HC Verma Chapter 16 Problem 4 — displacement amplitude from pressure amplitude

Problem Statement

Solve the fluid mechanics problem: A sound wave in air has pressure amplitude $p_0=1.0$ Pa. Find displacement amplitude. Given: $v=330$ m/s, $\rho=1.29$ kg/m$^3$, $f=1000$ Hz. $p_0=\rho v\omega s_0=B k s_0$ Step 1: $p_0=\rho v\omega s_0$ where $s_0$ is displacement amplitude. Step 2: $\omega=2\pi\times1000=6283$ rad/s. Step 3: $s_0=p

Given Information

Fluid density $\rho$, velocities, cross-sections, and heights as given
Atmospheric pressure $P_0 = 1.013\times10^5\,\text{Pa}$
$g = 9.8\,\text{m/s}^2$

Physical Concepts & Formulas

Fluid statics is governed by Pascal’s Law and the hydrostatic pressure formula $P = P_0 + \rho g h$. Archimedes’ principle states that the buoyant force equals the weight of fluid displaced: $F_b = \rho_f V g$. Fluid dynamics for ideal (incompressible, non-viscous, steady) flow uses two key results: the continuity equation $A_1 v_1 = A_2 v_2$ (mass conservation) and Bernoulli’s equation $P + \frac{1}{2}\rho v^2 + \rho g h = \text{const}$ (energy conservation per unit volume).
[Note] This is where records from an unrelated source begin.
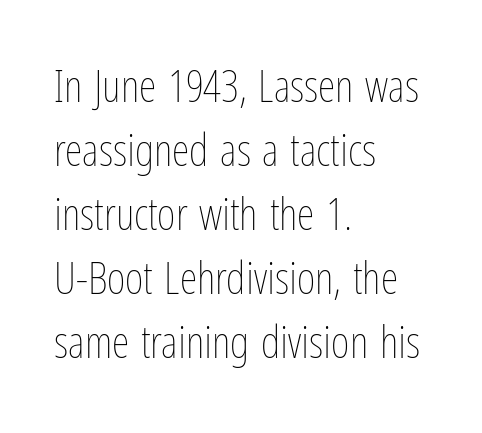
{"italic": "no", "bold": "no", "weight": "thin", "width": "condensed", "stroke_contrast": "low", "x_height": "medium", "monospaced": "no", "underline": "no", "align": "left", "line_spacing": "normal", "line_spacing_ratio": 1.42, "letter_spacing": "normal", "letter_spacing_em": 0.0, "glyph_px": 45}
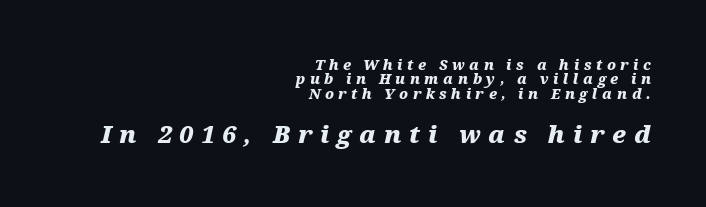
The image shows 24 px bold type, italic (leaning right); set right-aligned, tight line spacing (1.03x), unusually wide letter spacing (+0.32 em), not underlined; the second (bottom) block is 1.71x larger.
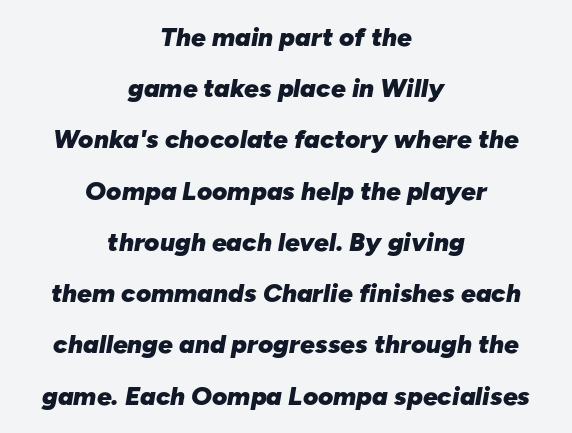
What weight is shown? A full bold with thick strokes. The letterforms sit shoulder to shoulder at normal distance. The baseline area is clear. Characters are canted at an angle relative to the baseline's perpendicular. Honestly, the rows look like they've been pulled way apart. The lines in this sample share a center point and differ in where they start and stop.
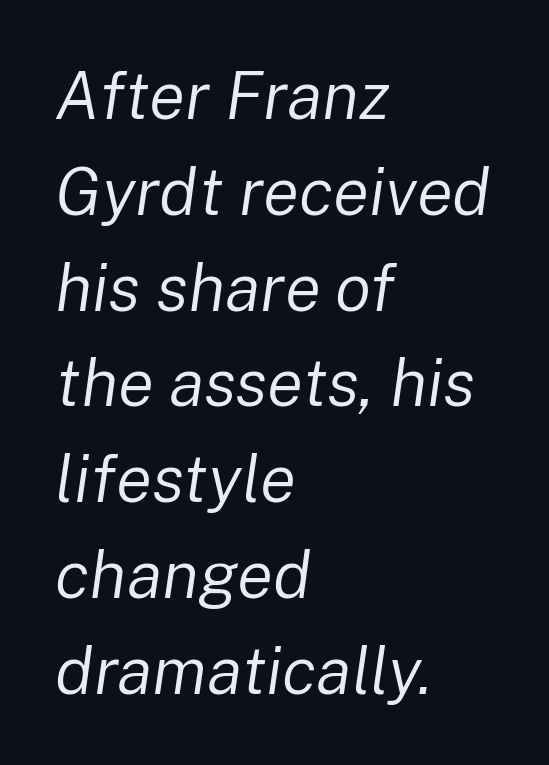
{"italic": "yes", "lean": "right", "slant_degrees": 8, "bold": "no", "weight": "regular", "width": "normal", "stroke_contrast": "low", "x_height": "medium", "monospaced": "no", "underline": "no", "align": "left", "line_spacing": "normal", "line_spacing_ratio": 1.43, "letter_spacing": "normal", "letter_spacing_em": 0.0, "glyph_px": 67}
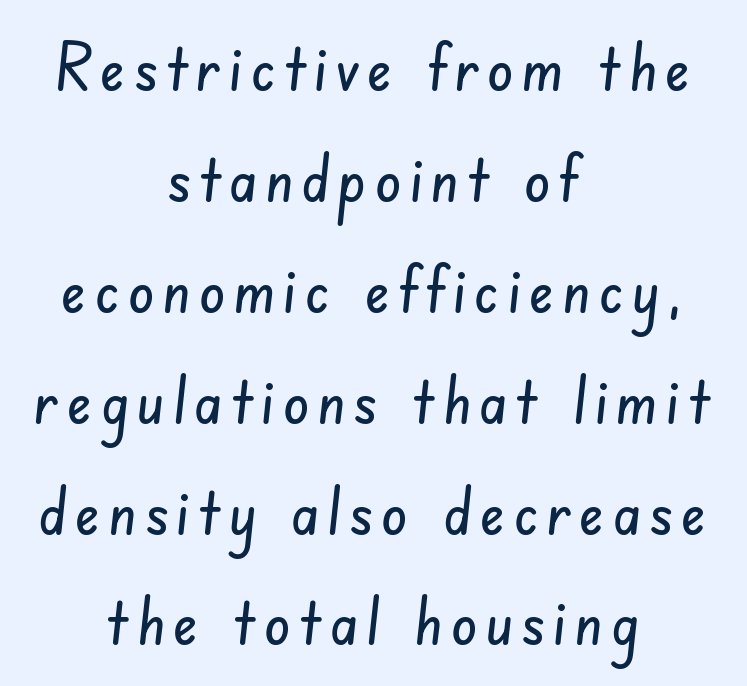
Q: Is the typeface a serif or a sans-serif typeface? A: Sans-serif.
Q: Is the text underlined? A: No.
Q: How is the paragraph aligned? A: Centered.
Q: Is the spacing between lines tight, normal or loose? A: Normal.
Q: Width (condensed, normal, or wide)? A: Condensed.
Q: Stroke contrast? A: Low.
Q: x-height? A: Small.
Q: Monospaced? A: No.

$P = P_0 + \rho g h$ — hydrostatic pressure
$F_b = \rho_f V g$ — Archimedes buoyancy
$A_1 v_1 = A_2 v_2$ — continuity equation
$P + \tfrac{1}{2}\rho v^2 + \rho g h = \text{const}$ — Bernoulli’s equation
$v_{\text{efflux}} = \sqrt{2gh}$ — Torricelli’s theorem

Step-by-Step Solution

Step 1 — Identify the situation: Static (use $P = P_0+\rho gh$ and Archimedes) or dynamic (use continuity + Bernoulli).

Step 2 — Apply Bernoulli between two points at the same streamline:

$$P_1 + \frac{1}{2}\rho v_1^2 + \rho g h_1 = P_2 + \frac{1}{2}\rho v_2^2 + \rho g h_2$$

Step 3 — Use continuity to relate $v_1$ and $v_2$: $v_2 = v_1 A_1/A_2$.

Step 4 — Solve for the unknown (pressure, velocity, or flow rate).

Worked Calculation

Substituting all values with units:

Torricelli: Tank depth $h = 2\,\text{m}$, hole at bottom:

$$v = \sqrt{2gh} = \sqrt{2\times9.8\times2} = \sqrt{39.2} \approx 6.26\,\text{m/s}$$

Answer

$$\boxed{v_{\text{efflux}} = \sqrt{2gh}}$$

Physical Interpretation

6.26 m/s is the speed at which water exits a tank with a 2 m head. This equals the speed a ball would have after falling freely 2 m — Torricelli’s theorem is essentially Bernoulli applied to free fall. As the water level drops, the efflux speed decreases; refilling to maintain constant head is the principle behind constant-head reservoirs in ancient water clocks (clepsydras).